*Aim of the task*: Quote the data exactly, first line to the line containing "88.26C81.311 87.157 82.205", with no pictures.
↓
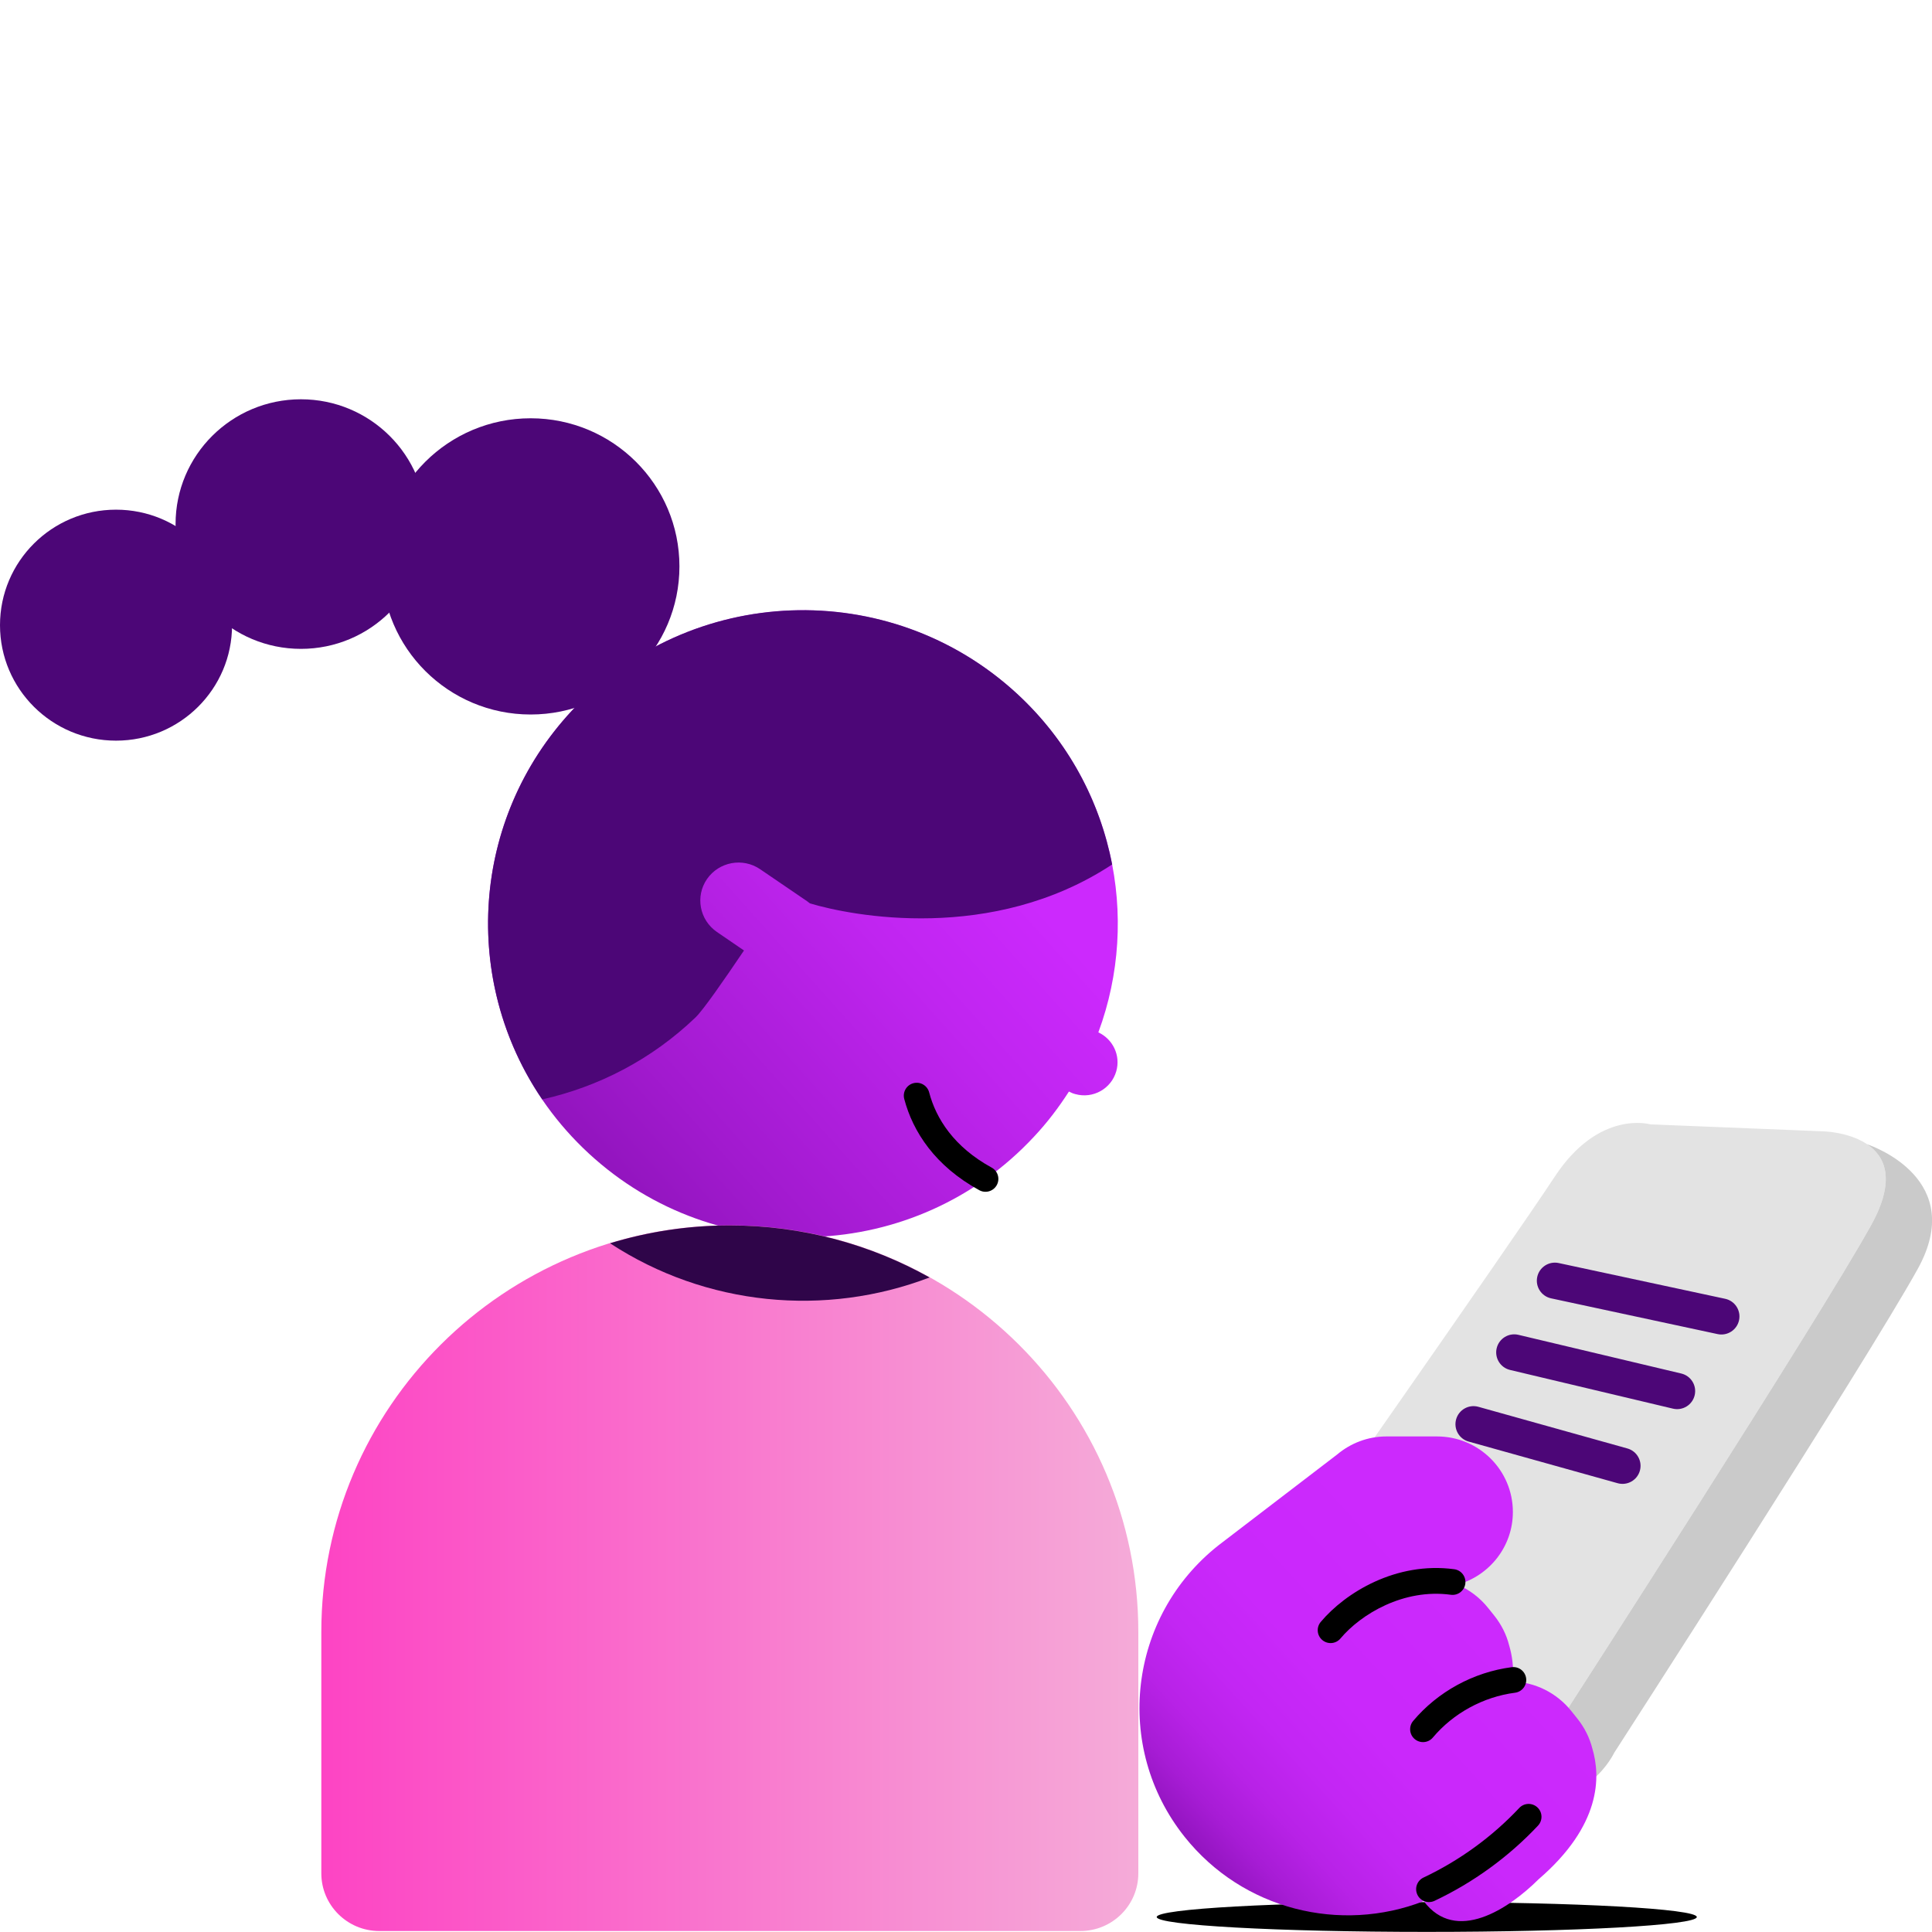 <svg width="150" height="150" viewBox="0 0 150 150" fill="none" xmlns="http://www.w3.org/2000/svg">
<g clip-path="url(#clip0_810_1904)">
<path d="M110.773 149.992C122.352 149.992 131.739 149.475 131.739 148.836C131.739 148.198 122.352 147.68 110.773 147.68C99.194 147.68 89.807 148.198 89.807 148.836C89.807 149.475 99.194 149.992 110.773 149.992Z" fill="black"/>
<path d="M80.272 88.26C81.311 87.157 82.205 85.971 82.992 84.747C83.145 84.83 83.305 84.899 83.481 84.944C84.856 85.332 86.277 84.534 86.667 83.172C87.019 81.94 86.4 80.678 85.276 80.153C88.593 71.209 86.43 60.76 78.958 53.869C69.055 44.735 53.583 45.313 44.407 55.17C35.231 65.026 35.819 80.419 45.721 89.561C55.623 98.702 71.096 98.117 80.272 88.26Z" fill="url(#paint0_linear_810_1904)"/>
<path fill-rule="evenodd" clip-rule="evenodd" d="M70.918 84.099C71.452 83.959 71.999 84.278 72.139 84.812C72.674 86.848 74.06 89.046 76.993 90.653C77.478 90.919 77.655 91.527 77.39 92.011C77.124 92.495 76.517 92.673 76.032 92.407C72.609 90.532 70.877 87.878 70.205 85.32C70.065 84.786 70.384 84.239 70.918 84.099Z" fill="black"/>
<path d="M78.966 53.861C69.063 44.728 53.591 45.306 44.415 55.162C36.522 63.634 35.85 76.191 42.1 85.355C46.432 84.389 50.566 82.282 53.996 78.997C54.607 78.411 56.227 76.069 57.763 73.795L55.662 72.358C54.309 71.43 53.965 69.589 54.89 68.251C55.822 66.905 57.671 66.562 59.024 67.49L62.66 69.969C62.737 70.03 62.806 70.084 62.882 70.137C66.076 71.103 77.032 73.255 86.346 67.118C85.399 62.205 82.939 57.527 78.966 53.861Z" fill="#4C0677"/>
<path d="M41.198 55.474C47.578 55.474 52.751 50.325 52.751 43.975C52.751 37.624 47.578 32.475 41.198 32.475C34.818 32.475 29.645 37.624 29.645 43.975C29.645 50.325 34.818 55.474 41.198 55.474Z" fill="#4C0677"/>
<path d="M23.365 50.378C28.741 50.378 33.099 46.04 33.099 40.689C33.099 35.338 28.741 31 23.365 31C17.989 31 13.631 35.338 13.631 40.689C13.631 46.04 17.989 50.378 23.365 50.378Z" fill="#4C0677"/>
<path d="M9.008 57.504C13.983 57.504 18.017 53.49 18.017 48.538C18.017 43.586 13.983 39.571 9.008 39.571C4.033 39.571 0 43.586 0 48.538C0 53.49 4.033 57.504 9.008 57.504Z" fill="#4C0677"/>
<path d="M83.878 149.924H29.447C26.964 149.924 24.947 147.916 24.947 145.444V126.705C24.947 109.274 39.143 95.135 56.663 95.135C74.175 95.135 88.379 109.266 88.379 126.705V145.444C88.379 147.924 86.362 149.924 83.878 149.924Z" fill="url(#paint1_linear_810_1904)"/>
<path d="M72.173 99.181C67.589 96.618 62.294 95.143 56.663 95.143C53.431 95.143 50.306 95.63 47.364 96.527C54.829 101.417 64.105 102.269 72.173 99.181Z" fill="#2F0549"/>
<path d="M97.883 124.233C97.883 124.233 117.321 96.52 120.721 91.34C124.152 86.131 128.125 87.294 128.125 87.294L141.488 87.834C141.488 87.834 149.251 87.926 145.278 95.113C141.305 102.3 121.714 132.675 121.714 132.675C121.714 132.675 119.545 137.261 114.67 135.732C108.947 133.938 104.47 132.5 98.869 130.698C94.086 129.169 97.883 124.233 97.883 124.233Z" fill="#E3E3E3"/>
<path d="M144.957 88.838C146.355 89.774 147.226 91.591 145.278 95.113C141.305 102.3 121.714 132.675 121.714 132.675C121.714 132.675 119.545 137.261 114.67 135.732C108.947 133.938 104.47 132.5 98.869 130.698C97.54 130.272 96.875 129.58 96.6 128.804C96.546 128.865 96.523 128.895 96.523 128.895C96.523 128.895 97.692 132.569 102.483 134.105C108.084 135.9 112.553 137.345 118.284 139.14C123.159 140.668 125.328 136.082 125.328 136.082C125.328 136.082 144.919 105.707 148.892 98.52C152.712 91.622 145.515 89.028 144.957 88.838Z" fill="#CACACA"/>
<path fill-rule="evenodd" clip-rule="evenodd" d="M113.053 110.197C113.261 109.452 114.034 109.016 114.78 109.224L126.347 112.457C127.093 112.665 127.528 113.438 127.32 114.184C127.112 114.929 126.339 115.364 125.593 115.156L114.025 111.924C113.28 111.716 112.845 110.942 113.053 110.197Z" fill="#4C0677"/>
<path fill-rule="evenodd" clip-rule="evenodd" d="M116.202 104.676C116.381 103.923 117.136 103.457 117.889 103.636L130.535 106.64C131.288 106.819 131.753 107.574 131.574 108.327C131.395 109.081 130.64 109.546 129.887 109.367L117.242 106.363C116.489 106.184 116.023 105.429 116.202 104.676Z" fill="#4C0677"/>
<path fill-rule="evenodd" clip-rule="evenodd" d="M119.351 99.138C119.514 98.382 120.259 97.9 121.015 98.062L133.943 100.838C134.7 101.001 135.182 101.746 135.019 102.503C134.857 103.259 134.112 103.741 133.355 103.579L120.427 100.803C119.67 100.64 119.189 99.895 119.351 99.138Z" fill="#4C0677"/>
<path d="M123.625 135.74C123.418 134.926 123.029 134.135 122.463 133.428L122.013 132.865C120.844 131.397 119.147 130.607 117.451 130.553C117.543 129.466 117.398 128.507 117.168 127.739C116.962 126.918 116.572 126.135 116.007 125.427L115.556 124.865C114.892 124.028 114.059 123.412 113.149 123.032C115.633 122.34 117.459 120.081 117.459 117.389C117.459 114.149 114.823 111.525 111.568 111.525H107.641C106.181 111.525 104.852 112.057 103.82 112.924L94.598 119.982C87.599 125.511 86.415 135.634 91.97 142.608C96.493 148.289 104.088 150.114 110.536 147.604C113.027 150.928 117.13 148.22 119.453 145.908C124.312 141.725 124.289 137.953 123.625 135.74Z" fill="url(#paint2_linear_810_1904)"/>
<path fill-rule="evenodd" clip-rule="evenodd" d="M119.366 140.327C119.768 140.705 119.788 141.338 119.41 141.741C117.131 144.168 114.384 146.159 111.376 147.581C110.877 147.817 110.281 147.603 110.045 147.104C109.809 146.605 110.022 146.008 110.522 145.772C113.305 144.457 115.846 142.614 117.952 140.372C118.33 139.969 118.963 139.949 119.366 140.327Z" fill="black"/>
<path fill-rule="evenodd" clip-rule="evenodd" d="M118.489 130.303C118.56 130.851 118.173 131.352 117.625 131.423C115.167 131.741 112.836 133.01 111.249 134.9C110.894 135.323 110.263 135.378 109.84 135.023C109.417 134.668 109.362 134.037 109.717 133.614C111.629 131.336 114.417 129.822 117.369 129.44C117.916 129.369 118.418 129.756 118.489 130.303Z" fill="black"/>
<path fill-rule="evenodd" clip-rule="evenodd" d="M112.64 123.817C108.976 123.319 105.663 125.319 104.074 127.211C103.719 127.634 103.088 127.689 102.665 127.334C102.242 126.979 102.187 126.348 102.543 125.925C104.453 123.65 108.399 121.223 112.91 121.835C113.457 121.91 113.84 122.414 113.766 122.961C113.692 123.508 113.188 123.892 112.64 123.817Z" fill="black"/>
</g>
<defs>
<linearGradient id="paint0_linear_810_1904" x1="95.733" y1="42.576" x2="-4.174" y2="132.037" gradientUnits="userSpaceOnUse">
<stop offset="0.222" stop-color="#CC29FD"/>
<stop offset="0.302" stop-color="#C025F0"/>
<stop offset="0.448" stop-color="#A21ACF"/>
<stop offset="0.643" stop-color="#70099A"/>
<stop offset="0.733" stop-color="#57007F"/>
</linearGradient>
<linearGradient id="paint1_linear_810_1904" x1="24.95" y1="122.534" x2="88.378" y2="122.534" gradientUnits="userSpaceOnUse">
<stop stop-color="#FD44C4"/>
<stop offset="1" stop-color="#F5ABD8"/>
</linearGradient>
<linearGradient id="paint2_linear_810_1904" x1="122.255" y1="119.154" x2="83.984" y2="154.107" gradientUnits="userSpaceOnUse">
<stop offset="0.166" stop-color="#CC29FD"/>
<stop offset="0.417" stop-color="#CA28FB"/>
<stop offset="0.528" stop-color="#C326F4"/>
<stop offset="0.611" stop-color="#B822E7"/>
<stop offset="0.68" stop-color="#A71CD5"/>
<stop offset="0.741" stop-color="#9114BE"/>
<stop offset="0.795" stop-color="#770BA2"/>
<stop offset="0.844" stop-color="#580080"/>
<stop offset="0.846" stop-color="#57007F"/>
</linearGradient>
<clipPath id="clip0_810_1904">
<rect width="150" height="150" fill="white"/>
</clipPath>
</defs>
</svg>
↑
*Exercise response*:
 <svg width="150" height="150" viewBox="0 0 150 150" fill="none" xmlns="http://www.w3.org/2000/svg">
<g clip-path="url(#clip0_810_1904)">
<path d="M110.773 149.992C122.352 149.992 131.739 149.475 131.739 148.836C131.739 148.198 122.352 147.68 110.773 147.68C99.194 147.68 89.807 148.198 89.807 148.836C89.807 149.475 99.194 149.992 110.773 149.992Z" fill="black"/>
<path d="M80.272 88.26C81.311 87.157 82.205 85.971 82.992 84.747C83.145 84.83 83.305 84.899 83.481 84.944C84.856 85.332 86.277 84.534 86.667 83.172C87.019 81.94 86.4 80.678 85.276 80.153C88.593 71.209 86.43 60.76 78.958 53.869C69.055 44.735 53.583 45.313 44.407 55.17C35.231 65.026 35.819 80.419 45.721 89.561C55.623 98.702 71.096 98.117 80.272 88.26Z" fill="url(#paint0_linear_810_1904)"/>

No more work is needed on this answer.